Take the entries that follow and return exactly the lines from the one holding "Character: 㭕" through the one holding "A book cover", both included. Nothing else is needed.

—————

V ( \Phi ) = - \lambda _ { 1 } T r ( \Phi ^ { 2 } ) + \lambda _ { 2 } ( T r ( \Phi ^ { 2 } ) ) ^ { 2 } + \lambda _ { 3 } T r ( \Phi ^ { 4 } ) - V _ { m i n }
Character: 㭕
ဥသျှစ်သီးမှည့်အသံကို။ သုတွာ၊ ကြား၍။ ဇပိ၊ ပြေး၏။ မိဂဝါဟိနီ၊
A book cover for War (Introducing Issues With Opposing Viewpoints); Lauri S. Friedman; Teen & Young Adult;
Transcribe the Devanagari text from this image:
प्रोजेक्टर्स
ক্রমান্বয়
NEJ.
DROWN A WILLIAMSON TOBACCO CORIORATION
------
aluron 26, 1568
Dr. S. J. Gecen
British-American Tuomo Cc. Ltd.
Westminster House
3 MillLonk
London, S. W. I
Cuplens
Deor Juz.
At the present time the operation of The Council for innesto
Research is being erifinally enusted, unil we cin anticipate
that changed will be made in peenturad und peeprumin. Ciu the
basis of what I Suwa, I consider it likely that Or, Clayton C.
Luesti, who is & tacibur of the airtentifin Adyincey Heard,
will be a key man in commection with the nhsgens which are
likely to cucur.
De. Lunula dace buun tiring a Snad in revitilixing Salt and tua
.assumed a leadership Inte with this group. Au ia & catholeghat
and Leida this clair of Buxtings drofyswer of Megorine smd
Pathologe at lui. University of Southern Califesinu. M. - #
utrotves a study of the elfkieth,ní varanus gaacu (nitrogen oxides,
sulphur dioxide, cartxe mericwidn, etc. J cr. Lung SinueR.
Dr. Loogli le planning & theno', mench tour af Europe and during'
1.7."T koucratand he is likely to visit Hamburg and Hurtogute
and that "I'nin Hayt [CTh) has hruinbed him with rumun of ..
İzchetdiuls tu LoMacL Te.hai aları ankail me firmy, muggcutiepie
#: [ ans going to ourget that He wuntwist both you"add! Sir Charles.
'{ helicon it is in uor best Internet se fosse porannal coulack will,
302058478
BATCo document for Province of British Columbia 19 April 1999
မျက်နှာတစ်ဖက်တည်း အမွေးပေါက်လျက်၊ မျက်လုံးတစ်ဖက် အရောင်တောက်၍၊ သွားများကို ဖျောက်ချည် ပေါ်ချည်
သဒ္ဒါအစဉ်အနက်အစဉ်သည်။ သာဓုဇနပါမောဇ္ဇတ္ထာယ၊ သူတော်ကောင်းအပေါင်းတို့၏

—————

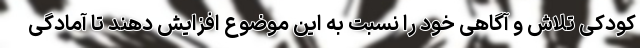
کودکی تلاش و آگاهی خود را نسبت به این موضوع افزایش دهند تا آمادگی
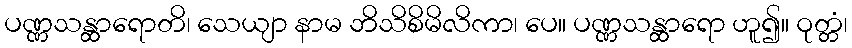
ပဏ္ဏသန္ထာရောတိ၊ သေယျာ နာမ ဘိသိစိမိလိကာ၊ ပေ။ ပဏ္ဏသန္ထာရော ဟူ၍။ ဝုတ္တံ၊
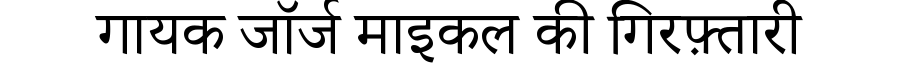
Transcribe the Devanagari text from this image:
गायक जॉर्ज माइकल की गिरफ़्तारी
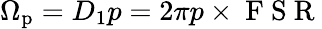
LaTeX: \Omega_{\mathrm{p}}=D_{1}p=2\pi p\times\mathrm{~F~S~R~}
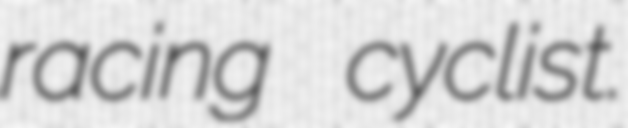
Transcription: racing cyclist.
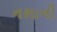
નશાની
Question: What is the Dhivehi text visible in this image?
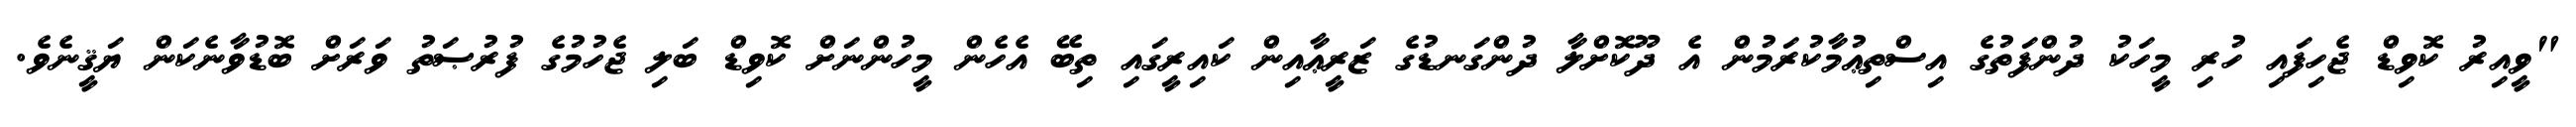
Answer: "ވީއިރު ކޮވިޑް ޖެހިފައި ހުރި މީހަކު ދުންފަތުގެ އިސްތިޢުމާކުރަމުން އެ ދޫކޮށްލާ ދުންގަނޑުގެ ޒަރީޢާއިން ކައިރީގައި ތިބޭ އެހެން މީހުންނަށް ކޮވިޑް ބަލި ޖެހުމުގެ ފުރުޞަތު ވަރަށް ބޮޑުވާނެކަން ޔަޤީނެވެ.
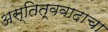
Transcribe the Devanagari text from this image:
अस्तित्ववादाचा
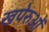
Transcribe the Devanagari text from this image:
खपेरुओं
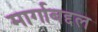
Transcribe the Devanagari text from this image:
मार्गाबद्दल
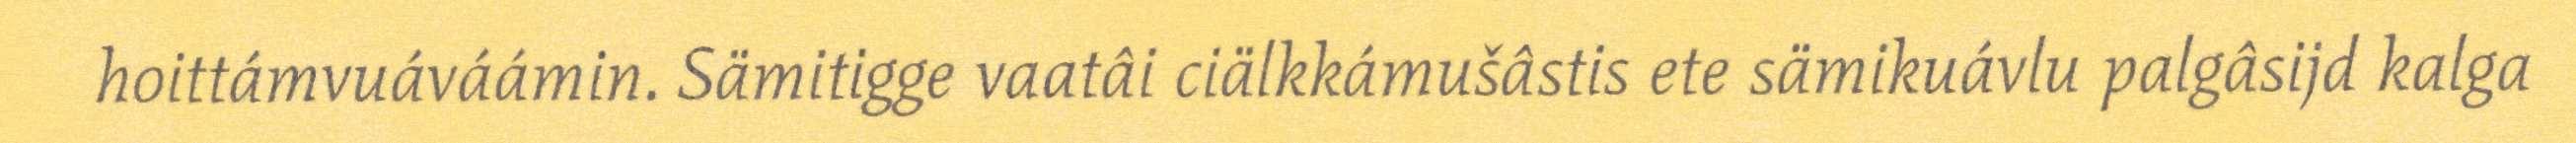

—————

• _Your response_
Character: 㭕
ဥသျှစ်သီးမှည့်အသံကို။ သုတွာ၊ ကြား၍။ ဇပိ၊ ပြေး၏။ မိဂဝါဟိနီ၊
A book cover for War (Introducing Issues With Opposing Viewpoints); Lauri S. Friedman; Teen & Young Adult;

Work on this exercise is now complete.